Dataset entries

*** Block opens ***

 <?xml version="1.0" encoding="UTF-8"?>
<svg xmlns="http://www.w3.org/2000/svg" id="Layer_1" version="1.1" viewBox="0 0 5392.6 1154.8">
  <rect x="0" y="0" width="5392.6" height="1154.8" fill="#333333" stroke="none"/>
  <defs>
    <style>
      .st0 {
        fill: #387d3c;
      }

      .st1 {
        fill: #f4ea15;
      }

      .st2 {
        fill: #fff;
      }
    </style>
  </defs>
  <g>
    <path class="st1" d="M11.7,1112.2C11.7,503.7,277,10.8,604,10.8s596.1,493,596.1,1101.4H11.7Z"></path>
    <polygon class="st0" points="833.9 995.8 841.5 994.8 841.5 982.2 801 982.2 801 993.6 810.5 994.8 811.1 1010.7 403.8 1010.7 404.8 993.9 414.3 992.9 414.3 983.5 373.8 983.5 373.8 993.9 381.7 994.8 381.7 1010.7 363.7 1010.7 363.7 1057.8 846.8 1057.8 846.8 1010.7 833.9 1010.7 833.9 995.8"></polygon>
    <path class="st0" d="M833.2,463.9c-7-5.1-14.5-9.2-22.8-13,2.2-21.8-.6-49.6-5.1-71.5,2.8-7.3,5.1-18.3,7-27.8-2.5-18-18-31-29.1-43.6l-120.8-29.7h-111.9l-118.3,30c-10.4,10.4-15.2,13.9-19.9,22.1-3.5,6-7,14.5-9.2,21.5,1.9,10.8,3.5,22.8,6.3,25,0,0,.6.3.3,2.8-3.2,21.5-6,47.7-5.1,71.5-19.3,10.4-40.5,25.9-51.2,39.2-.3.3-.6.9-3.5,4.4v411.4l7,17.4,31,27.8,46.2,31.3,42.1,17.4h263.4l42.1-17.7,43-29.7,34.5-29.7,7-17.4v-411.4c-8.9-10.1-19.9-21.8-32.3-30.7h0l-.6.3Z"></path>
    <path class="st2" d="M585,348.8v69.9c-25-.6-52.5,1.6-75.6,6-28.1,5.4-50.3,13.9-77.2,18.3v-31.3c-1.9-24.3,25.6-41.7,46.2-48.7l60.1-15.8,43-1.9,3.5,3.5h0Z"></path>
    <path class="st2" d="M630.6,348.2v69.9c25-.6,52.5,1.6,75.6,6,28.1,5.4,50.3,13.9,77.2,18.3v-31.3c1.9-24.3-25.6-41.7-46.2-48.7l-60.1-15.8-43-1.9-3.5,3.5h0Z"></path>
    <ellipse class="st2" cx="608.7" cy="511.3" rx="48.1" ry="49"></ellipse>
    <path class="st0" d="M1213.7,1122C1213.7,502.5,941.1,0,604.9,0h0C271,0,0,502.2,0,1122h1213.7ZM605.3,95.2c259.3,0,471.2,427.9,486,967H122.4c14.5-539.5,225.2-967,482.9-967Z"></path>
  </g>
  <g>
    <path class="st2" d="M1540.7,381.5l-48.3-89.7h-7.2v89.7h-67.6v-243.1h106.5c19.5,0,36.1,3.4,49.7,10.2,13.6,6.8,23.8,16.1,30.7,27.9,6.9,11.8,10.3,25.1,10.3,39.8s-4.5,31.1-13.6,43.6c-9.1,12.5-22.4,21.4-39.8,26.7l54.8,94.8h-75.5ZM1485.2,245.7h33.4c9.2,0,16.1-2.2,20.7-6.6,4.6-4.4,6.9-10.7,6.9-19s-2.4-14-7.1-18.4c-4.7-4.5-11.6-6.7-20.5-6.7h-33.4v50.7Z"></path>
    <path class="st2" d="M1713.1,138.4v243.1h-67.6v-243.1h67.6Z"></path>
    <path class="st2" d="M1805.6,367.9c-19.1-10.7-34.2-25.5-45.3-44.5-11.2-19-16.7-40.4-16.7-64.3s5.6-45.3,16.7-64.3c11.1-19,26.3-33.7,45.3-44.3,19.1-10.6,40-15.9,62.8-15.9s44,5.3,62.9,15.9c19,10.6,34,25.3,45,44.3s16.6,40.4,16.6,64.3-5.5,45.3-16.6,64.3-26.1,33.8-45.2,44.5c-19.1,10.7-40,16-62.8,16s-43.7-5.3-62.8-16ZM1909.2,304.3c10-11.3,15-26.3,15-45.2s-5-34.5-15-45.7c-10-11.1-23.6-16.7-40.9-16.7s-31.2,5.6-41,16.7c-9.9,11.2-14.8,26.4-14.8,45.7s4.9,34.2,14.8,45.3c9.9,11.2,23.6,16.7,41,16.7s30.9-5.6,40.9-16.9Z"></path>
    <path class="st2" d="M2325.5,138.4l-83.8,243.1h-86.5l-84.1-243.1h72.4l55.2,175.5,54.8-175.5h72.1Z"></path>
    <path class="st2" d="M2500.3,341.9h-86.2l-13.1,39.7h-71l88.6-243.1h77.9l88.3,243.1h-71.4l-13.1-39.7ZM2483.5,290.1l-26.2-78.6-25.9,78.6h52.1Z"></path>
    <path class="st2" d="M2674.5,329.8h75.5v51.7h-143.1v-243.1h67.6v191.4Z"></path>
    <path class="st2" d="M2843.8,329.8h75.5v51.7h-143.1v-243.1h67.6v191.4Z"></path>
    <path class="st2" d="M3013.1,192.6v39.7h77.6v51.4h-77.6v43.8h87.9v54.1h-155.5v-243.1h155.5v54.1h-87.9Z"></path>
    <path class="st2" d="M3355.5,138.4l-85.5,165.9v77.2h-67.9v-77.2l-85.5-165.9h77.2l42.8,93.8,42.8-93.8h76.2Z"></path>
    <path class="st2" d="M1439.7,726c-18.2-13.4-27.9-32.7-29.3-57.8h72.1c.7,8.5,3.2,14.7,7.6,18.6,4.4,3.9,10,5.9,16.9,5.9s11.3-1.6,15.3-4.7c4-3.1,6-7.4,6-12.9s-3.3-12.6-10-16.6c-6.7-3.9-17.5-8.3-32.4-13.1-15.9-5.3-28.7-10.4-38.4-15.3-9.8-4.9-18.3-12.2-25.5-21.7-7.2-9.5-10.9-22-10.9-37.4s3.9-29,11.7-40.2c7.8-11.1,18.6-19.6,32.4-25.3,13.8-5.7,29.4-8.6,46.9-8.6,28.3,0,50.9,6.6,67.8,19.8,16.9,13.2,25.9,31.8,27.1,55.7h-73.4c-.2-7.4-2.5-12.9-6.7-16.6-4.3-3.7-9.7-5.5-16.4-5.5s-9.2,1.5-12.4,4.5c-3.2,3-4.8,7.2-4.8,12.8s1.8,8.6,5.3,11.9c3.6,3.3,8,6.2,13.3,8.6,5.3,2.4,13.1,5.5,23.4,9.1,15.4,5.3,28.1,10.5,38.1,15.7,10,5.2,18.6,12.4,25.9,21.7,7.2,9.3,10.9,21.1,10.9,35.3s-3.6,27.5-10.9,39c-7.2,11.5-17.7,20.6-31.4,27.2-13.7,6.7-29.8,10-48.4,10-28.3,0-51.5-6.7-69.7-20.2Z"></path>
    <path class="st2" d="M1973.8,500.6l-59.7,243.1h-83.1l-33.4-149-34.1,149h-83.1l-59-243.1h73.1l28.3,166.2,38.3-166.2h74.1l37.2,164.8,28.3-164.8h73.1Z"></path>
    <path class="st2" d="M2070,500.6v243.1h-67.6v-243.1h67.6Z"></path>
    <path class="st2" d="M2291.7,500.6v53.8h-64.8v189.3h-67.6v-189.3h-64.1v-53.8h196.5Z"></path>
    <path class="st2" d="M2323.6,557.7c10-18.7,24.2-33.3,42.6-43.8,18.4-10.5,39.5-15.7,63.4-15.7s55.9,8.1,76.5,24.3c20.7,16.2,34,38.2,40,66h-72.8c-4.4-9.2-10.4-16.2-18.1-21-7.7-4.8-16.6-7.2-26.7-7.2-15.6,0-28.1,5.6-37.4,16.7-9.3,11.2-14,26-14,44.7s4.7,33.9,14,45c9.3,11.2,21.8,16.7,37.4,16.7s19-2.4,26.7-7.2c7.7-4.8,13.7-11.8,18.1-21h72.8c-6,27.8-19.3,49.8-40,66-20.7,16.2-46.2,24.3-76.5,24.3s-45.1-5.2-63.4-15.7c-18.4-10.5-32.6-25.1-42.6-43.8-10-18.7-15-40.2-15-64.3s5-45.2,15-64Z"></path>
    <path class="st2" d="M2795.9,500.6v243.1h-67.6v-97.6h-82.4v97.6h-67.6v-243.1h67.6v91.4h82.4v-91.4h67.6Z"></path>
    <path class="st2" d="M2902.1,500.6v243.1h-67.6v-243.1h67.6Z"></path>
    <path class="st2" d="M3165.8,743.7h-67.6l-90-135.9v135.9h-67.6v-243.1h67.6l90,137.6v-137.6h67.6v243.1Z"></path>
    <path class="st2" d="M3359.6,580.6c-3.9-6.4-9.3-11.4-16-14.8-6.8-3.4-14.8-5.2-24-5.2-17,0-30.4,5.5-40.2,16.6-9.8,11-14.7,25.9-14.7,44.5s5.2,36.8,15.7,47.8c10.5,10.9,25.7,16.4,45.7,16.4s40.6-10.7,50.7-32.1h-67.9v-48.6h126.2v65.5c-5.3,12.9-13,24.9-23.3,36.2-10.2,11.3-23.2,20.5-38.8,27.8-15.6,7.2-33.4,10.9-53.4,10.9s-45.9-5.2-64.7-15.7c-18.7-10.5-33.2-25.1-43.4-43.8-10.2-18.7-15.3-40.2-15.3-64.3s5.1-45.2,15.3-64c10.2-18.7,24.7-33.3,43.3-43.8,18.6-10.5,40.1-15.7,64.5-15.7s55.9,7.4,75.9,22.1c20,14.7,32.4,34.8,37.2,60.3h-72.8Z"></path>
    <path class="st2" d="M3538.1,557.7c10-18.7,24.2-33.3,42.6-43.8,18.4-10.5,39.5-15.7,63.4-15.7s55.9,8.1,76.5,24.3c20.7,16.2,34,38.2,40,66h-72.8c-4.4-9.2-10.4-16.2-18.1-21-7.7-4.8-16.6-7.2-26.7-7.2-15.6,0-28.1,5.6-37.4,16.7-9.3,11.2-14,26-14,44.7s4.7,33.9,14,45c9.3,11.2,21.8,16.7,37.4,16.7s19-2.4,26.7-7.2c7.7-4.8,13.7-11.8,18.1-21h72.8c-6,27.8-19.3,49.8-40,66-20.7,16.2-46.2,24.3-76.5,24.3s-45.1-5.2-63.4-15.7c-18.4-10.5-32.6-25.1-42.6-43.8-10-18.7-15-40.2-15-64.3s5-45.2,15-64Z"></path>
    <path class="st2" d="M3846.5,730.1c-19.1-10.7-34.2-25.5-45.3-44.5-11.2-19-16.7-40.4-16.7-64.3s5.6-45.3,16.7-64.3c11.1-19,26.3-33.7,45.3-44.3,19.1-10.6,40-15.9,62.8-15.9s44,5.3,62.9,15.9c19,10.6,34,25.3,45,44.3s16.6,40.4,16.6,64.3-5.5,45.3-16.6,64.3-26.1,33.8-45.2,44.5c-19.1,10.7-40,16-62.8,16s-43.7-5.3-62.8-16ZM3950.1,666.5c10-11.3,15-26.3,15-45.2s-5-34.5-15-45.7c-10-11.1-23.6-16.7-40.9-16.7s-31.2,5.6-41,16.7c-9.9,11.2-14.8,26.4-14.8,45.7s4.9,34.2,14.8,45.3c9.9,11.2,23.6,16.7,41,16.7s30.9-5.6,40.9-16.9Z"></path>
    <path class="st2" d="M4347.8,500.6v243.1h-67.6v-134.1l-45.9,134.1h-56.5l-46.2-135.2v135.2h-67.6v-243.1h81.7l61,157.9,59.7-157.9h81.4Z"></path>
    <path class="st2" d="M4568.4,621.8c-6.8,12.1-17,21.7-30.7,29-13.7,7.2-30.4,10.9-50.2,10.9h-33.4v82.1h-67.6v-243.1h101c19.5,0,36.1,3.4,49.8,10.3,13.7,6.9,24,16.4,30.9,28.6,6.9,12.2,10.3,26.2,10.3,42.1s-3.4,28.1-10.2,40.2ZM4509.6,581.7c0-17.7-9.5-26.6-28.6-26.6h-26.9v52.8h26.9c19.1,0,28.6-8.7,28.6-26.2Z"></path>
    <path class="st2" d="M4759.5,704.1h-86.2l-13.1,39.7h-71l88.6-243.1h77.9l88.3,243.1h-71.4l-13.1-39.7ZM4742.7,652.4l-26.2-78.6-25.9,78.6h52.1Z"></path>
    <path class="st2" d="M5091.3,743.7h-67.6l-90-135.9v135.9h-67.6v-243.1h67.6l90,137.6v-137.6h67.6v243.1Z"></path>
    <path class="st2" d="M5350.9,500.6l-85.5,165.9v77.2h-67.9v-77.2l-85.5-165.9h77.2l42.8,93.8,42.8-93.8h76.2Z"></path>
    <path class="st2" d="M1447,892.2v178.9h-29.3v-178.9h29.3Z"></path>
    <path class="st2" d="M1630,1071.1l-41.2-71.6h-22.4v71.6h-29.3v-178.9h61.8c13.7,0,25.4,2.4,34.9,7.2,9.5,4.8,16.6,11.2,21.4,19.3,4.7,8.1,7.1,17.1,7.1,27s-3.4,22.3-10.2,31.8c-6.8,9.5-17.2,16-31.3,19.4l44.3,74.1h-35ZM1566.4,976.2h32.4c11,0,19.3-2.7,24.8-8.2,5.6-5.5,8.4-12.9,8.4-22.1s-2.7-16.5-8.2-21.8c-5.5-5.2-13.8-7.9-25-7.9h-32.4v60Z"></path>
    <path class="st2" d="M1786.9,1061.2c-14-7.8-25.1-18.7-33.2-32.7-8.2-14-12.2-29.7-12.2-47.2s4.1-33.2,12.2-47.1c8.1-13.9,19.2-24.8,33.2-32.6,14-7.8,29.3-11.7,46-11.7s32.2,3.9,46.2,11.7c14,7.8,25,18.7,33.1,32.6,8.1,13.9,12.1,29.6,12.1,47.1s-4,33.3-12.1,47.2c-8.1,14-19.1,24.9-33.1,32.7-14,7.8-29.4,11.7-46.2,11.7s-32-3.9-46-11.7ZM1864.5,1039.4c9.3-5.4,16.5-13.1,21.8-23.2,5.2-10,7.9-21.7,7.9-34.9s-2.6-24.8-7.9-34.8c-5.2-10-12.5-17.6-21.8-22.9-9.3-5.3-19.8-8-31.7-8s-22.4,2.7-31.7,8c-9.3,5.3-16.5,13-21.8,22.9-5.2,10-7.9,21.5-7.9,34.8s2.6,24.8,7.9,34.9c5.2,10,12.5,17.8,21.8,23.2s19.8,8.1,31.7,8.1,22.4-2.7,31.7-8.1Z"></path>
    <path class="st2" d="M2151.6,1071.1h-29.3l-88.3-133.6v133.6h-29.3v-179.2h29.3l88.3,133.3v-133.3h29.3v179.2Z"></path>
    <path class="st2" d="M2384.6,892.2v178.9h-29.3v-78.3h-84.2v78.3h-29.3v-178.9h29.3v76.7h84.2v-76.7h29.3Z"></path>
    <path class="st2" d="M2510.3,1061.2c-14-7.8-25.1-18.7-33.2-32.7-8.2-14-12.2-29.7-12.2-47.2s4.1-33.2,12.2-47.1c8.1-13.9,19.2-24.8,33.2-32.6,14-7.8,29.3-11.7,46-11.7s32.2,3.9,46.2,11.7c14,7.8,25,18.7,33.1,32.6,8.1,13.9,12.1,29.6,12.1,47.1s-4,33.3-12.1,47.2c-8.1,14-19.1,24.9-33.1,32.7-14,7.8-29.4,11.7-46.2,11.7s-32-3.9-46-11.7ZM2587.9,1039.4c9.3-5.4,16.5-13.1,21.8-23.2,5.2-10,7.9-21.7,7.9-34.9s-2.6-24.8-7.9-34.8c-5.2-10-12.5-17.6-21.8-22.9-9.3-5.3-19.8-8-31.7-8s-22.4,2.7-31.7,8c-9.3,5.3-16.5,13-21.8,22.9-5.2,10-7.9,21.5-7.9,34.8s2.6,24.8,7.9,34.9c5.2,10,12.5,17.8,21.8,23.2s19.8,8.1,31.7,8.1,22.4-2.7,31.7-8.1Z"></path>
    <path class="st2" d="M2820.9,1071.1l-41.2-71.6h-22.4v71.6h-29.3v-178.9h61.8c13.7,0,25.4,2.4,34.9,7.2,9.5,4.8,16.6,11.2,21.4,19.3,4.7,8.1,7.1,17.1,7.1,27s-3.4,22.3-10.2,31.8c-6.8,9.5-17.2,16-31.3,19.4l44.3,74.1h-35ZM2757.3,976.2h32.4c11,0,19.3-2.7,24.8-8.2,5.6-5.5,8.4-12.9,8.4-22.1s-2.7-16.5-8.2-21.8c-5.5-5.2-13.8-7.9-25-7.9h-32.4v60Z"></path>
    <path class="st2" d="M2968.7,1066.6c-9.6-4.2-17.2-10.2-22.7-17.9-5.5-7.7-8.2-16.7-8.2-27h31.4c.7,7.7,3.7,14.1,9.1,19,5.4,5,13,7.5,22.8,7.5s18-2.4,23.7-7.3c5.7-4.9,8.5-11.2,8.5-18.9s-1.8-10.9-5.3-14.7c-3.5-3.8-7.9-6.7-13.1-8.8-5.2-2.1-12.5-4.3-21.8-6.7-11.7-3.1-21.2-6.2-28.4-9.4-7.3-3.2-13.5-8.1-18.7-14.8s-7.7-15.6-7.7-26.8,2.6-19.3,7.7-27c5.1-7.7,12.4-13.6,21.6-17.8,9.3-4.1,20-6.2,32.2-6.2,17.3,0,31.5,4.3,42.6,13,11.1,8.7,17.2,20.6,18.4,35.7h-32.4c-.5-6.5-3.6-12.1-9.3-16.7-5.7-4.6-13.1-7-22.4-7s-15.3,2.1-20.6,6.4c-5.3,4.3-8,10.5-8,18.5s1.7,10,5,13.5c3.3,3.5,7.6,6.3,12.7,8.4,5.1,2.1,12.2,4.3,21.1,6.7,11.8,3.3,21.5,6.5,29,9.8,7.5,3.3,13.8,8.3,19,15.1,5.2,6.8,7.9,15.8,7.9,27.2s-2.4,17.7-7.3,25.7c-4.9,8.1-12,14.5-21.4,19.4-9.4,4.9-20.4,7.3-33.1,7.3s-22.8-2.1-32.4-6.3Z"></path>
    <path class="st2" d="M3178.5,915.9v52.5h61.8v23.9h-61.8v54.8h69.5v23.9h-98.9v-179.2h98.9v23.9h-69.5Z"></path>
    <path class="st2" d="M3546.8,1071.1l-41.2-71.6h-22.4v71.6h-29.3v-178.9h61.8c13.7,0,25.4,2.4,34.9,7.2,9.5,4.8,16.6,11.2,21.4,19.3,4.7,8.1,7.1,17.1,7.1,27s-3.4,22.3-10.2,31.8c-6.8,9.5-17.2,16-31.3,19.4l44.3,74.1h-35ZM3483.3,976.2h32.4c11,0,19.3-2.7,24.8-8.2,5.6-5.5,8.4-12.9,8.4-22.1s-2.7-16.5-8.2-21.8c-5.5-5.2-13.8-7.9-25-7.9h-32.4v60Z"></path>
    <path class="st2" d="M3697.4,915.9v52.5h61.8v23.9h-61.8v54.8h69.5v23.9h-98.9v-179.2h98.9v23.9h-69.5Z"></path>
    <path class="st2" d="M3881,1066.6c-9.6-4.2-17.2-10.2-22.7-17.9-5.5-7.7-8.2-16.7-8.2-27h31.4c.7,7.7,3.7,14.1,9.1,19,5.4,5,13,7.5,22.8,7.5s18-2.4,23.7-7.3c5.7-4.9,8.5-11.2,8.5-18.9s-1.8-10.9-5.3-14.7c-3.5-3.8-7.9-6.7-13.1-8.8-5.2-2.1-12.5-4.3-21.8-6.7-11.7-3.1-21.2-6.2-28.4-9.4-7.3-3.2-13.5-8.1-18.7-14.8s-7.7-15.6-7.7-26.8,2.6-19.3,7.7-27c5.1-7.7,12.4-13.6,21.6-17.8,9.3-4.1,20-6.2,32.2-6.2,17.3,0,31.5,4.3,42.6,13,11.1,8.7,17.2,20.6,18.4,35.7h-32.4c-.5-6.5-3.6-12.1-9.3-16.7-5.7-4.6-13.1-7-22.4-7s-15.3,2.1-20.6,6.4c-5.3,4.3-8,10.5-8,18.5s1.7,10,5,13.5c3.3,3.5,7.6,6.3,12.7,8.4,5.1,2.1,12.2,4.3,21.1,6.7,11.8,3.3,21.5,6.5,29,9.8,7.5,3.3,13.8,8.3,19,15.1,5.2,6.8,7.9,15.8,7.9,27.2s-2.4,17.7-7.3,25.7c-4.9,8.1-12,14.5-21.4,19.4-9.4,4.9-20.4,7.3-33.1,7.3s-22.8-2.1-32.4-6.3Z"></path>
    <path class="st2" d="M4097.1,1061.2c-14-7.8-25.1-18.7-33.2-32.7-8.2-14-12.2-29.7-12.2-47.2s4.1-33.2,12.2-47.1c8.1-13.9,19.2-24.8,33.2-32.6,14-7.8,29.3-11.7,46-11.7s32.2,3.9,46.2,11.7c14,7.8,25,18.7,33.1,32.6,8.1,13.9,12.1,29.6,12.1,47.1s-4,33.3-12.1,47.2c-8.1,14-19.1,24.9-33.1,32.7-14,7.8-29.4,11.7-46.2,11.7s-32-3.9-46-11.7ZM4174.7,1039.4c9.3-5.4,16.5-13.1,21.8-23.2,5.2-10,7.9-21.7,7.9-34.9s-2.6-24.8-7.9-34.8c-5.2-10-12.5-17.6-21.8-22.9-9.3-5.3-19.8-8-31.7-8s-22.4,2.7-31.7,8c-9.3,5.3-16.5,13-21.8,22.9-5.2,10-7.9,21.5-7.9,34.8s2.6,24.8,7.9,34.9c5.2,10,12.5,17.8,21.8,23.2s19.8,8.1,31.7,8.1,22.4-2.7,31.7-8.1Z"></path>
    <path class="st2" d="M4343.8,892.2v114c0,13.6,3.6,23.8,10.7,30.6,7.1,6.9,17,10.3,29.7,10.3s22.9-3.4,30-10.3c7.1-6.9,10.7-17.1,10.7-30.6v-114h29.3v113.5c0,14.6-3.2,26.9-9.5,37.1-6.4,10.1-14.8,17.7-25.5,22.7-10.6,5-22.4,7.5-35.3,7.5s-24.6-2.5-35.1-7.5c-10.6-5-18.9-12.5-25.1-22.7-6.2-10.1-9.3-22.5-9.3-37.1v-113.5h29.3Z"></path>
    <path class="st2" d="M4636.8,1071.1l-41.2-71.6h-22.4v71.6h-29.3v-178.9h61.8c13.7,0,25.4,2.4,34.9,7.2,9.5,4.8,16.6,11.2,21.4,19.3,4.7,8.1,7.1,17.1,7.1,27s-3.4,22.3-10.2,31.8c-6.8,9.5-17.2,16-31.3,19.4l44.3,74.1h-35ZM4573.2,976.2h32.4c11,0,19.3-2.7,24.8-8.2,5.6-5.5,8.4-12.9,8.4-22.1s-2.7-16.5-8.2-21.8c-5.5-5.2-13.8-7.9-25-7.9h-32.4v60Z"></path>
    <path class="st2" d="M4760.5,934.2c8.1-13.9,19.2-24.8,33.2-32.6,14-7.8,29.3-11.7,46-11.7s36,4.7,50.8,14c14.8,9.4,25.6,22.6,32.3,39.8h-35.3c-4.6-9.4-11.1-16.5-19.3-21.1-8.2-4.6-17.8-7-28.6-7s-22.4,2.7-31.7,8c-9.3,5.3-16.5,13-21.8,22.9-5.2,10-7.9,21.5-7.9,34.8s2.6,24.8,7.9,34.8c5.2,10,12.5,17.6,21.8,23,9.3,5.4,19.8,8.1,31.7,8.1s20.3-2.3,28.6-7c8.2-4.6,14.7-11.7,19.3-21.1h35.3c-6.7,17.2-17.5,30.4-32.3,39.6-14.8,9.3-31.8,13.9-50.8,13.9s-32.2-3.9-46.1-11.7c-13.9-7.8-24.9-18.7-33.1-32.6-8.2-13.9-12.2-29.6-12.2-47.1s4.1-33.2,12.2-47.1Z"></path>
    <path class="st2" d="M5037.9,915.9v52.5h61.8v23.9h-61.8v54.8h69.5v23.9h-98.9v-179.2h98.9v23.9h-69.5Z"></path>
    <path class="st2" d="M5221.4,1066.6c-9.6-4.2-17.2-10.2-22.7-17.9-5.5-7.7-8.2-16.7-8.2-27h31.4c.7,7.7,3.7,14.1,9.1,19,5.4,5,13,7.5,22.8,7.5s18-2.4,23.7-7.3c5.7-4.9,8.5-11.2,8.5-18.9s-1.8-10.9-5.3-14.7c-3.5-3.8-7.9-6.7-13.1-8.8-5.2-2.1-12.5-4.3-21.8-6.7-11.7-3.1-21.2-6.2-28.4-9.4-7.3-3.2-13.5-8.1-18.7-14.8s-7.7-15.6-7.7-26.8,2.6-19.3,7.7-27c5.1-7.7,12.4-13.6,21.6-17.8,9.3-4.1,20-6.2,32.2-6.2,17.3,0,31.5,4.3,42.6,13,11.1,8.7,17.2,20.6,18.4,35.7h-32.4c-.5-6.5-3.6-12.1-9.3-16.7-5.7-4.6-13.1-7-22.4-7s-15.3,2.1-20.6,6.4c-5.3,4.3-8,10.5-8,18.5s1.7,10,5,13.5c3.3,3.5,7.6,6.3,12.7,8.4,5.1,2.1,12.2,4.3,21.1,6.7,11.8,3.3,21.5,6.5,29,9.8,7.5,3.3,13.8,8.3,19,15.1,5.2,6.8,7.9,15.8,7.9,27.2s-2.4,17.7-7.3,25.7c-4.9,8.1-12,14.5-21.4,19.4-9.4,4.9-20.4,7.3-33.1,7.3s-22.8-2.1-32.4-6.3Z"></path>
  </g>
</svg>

*** Block closes ***

**Exercise description**
Search the entries above for the word "fill" and copy each line where it appears.

**Response area**
  <rect x="0" y="0" width="5392.6" height="1154.8" fill="#333333" stroke="none"/>
        fill: #387d3c;
        fill: #f4ea15;
        fill: #fff;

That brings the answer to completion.